Sunday’s 7.3-magnitude earthquake struck villages and towns in the mountainous area of Kermanshah province that borders Iraq while many people were at home asleep. At least 14 provinces in Iran were affected.

State television said thousands were huddling in makeshift camps while many others spent the second night in the open for fear of more tremors to come after some 193 aftershocks.

Bitter cold

Hospitals in nearby provinces took in many of the injured, state television said, airing footage of survivors waiting to be treated. Hundreds of critically injured people were dispatched to hospitals in Tehran.

Iran’s Red Crescent said emergency shelters had been given to thousands of homeless people, but lack of water and electricity as well as blocked roads in some areas hindered aid supply efforts.

Local authorities said traffic chaos on roads, caused by people from nearby provinces who were rushing to help, further hampered the flow of aid to quake-hit areas.

“People in some villages are still in dire need of food, water and shelter,” governor of Qasr-e Shirin Faramarz Akbari told state television.
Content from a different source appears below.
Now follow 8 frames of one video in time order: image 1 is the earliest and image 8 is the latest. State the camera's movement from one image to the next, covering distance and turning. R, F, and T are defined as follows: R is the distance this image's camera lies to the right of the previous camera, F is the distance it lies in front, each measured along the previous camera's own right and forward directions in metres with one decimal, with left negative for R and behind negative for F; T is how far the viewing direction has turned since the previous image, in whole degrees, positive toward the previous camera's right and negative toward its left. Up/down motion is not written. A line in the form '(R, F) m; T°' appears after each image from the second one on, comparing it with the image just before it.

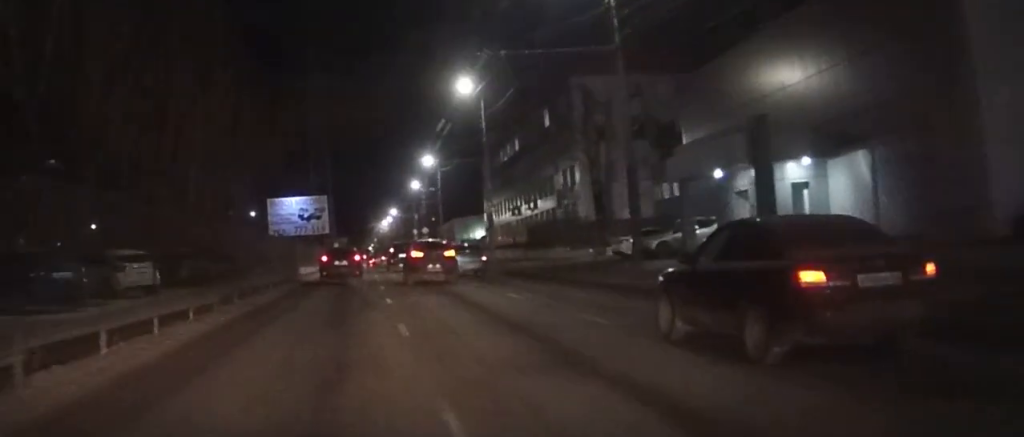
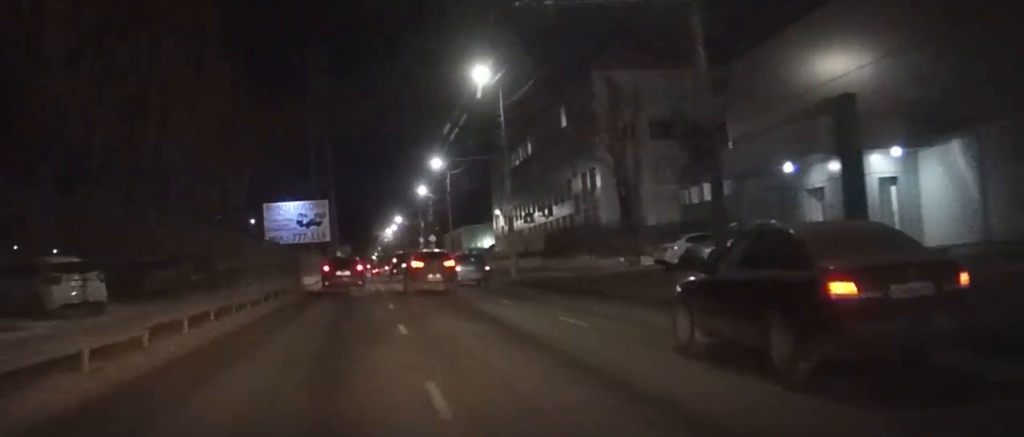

More than 30,000 houses in the area were damaged and at least two villages were completely destroyed, Iranian authorities said.

Houses in Iranian villages are often made of concrete blocks or mud brick that can crumble and collapse in a strong quake.

Photographs posted on Iranian news websites showed rescue workers digging people out of collapsed buildings, cars smashed beneath rubble and rescue dogs trying to find signs of life under the twisted remains of collapsed buildings.

“More people will die because of cold. My family lives in a village near Sarpol-e Zahab. I cannot even go there. I don’t know whether they are dead or alive,” Rojan Meshkat, 38, in the Kurdish city of Sanandaj told media agencies by telephone.

Iran is crisscrossed by major fault lines and has suffered several devastating earthquakes in recent years, including a 6.6 magnitude quake in 2003 that reduced the historic southeastern city of Bam to dust and killed some 31,000 people.

The quake, centered in Penjwin in Iraq’s Sulaimaniyah province in the Kurdistan region, killed at least six people in Iraq and injured more than 68 others. In northern Iraq’s Kurdish districts, seven were killed and 325 wounded.